General characteristics
- Class & type: Bayfield-class attack transport
- Type: Type C3-S-A2.
- Displacement: 8,100 tons, 16,100 tons fully loaded
- Length: 492 ft (150 m)
- Beam: 69 ft 6 in (21.18 m)
- Draught: 26 ft 6 in (8.08 m)
- Propulsion: Westinghouse geared turbine, 2 × Foster Wheeler D-type boilers, single propeller, designed shaft horsepower 8,500
- Speed: 18 knots
- Boats & landing craft carried: 12 × LCVP, 4 × LCM (Mk-6), 3 × LCP(L) (MK-IV)
- Capacity: 4,800 tons (180,500 cu. ft).
- Troops: 80 officers, 1,146 enlisted
- Complement: Crew: 51 officers, 524 enlisted; Flag: 43 officers, 108 enlisted.;
- Armament: 2 × single 5-inch/38 cal. dual-purpose gun mounts, one forward and one aft.; 2 × twin 40 mm AA gun mounts aft, port and starboard.; 18 × single 20 mm AA gun mounts.;

= USS Burleigh =

United States Navy Bayfield-class attack transport that served from 1944 to 1946

USS Burleigh (APA-95) was a that served with the United States Navy from 1944 to 1946. She was sold into commercial service in 1947 and was scrapped in 1973.

==History==
Burleigh (named after Burleigh County, North Dakota), was launched on 3 December 1943 by Ingalls Shipbuilding, Pascagoula, Mississippi, under a Maritime Commission contract, and placed in reduced commission on 1 April 1944. She was taken to New York, and placed out of commission on 13 April for conversion by Bethlehem Steel, 56th Street Yard, Brooklyn, New York.
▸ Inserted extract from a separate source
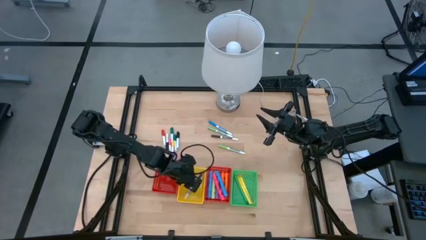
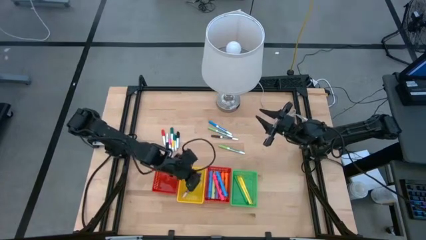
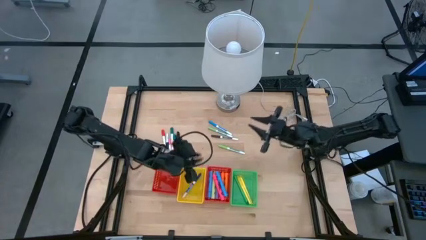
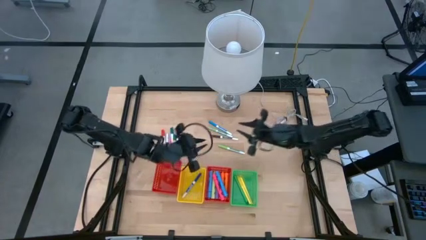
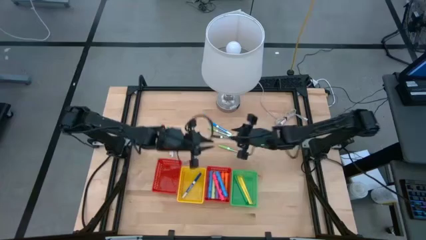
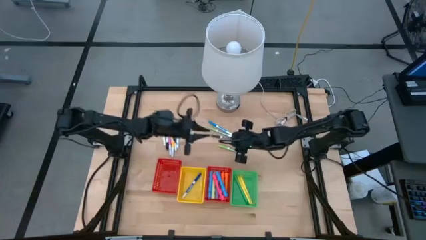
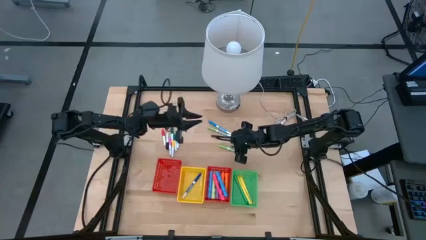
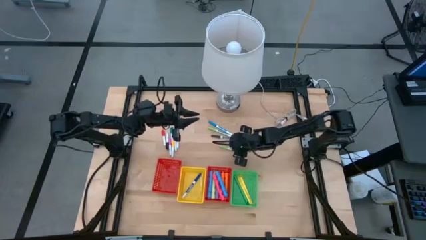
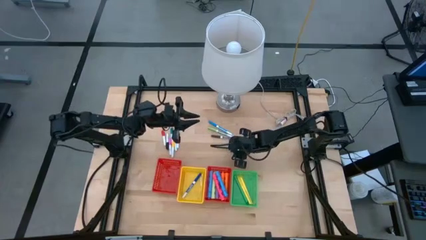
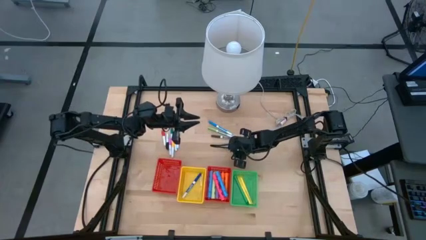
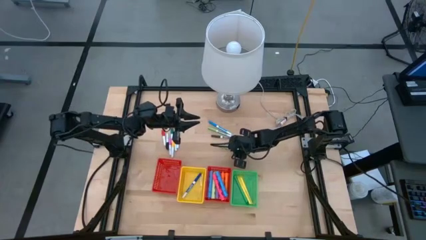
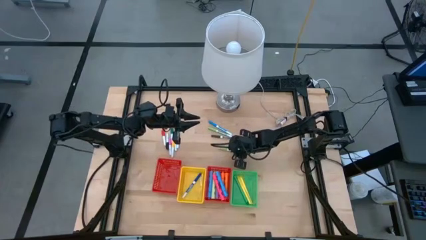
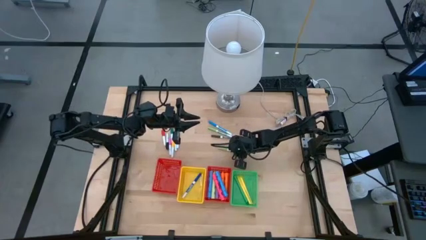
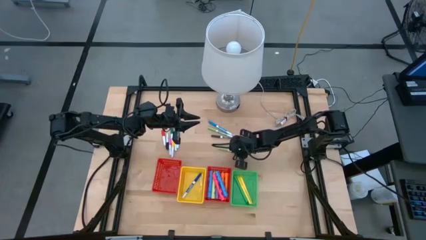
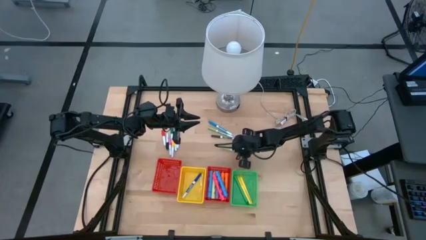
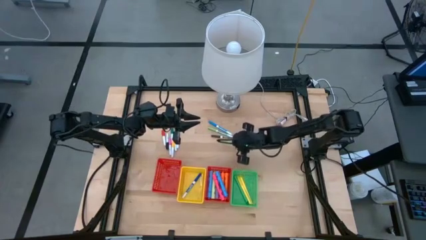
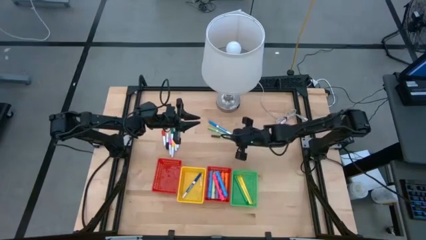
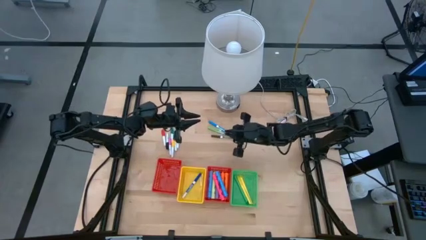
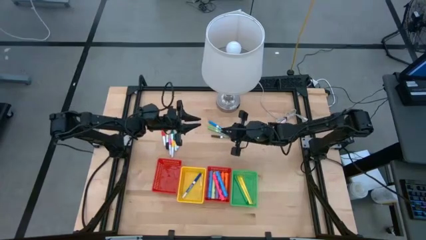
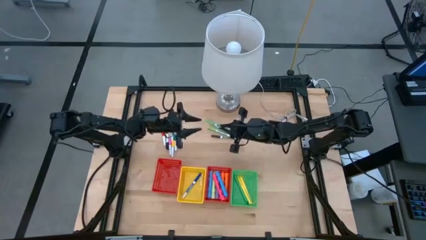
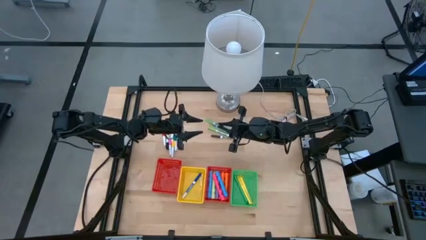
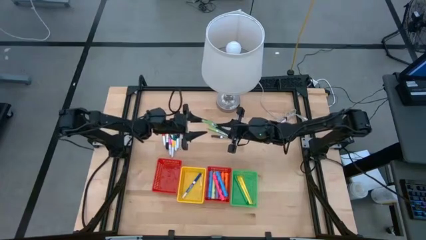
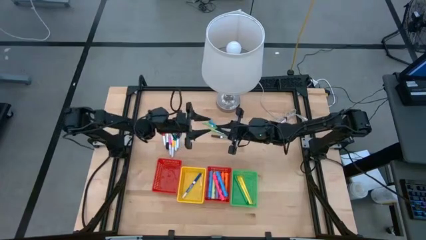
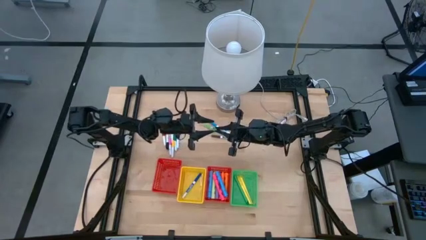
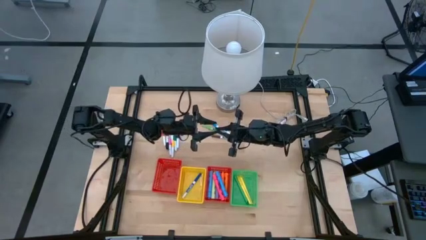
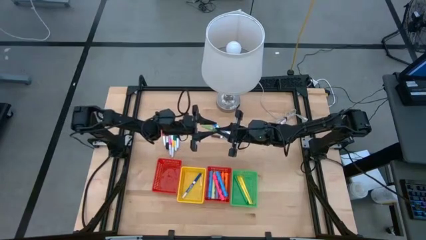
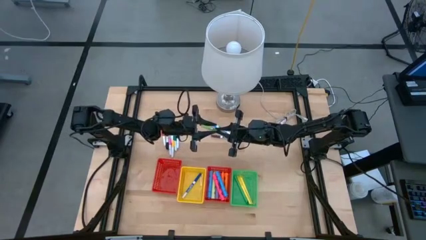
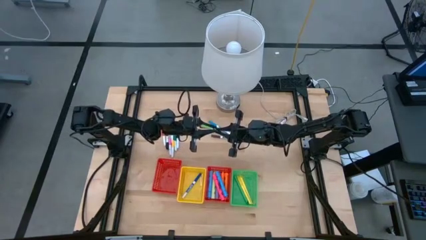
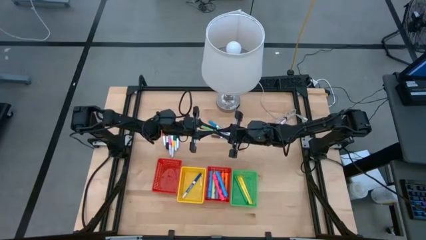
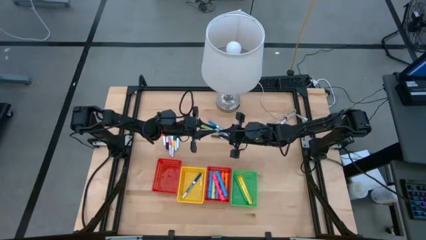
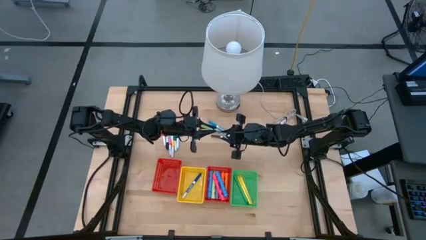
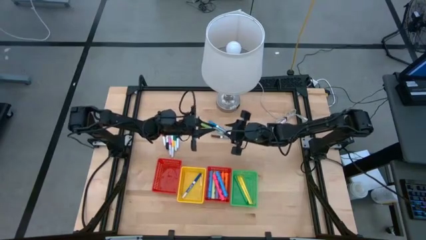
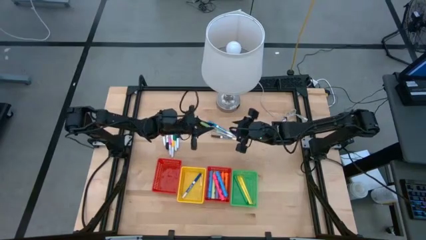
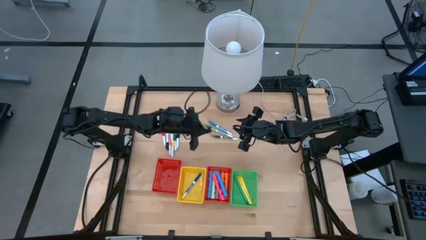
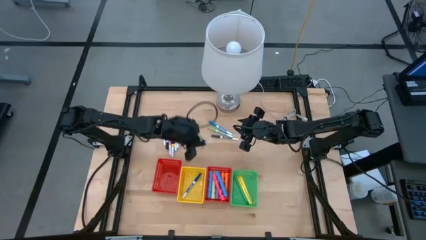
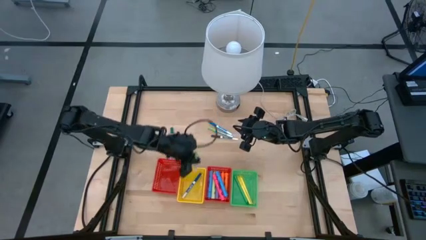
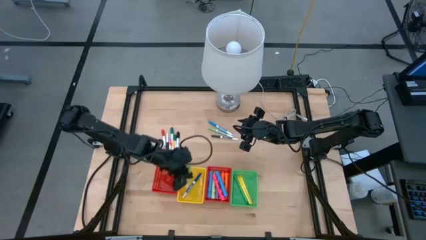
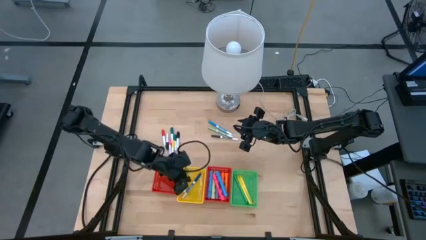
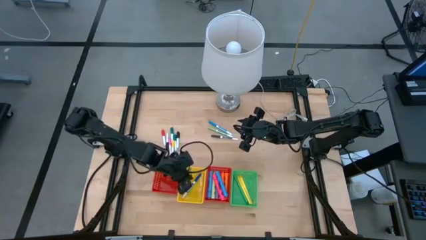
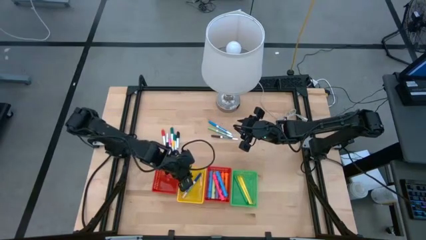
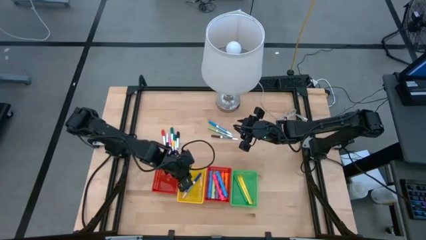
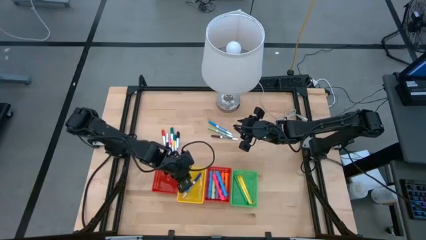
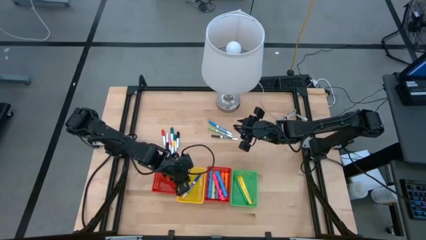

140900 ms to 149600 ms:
Task: Pick & Place Markers
Put the green marker into the yellow bin

The ship was placed in full commission on 30 October 1944.

===Pacific War===
On 3 December 1944 Burleigh departed Hampton Roads, Virginia, and proceeded to the Pacific, arriving at Pearl Harbor on 23 December. She became flagship of Transport Squadron 18 at San Francisco on 3 January 1945. During January and February, Burleigh transported passengers and supplies to Pearl Harbor, Guadalcanal, and the Russell Islands.
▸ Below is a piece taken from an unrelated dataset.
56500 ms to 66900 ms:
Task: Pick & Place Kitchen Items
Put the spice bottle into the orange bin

March 1945 was spent at Ulithi, Caroline Islands, in preparation for the assault on Okinawa. Burleigh departed Ulithi, in company with Transport Squadron 18, on 27 March, and arrived off Okinawa on 1 April. She remained in the area disembarking Marines and supplies until 10 April, when she got underway for Pearl Harbor. She arrived at Pearl Harbor on 27 April, after stopping at Guam to embark casualties.

Returning to San Francisco on 4 June, Burleigh embarked troops and supplies and steamed to Guam via Pearl Harbor, Eniwetok, and Saipan. She returned to San Francisco on 2 August.
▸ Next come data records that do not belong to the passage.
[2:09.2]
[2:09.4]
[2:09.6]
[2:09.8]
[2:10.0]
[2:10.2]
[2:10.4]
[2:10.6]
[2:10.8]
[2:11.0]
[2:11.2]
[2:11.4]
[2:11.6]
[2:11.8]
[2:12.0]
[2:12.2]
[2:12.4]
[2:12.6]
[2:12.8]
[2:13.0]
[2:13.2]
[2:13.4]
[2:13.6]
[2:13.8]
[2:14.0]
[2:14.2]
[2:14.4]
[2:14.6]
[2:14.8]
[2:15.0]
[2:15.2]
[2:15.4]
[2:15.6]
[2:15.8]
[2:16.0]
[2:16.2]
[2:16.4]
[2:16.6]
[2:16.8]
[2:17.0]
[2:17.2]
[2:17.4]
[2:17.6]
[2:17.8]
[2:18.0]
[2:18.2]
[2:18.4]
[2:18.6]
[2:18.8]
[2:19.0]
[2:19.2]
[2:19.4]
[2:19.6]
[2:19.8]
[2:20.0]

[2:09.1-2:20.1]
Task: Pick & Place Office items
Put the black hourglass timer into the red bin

===Operation Magic Carpet===
With the cessation of hostilities, Burleigh was assigned to the Operation Magic Carpet fleet returning veterans from the Pacific until March 1946.

===Decommissioning and fate===
On 15 March 1946 she departed the West Coast for Norfolk, Virginia, where she arrived in April. She was decommissioned on 11 June 1946 and returned to the Maritime Commission the following day.

On 26 June 1947, she was sold to the Matson Navigation Company and was renamed SS Hawaiian Pilot.
On 14 July 1953 Hawaiian Pilot collided off San Francisco in fog with another C3 ship, the SS Jacob Luckenbach; the Jacob Luckenbach sank but the entire crew was saved by the Hawaiian Pilot. The damage to her bow was repaired.

She was again sold on 8 May 1961 to Oceanic Steamship Company, a Matson subsidiary, and was renamed SS Sonoma . On 21 January 1971, the ship was sold to Far East Line Inc. and finally on 17 March 1972 to Excelsior Marine Corporation and she was renamed SS Noma. She was sold for scrap in 1973.

==Awards==
Burleigh received one battle star for her World War II service.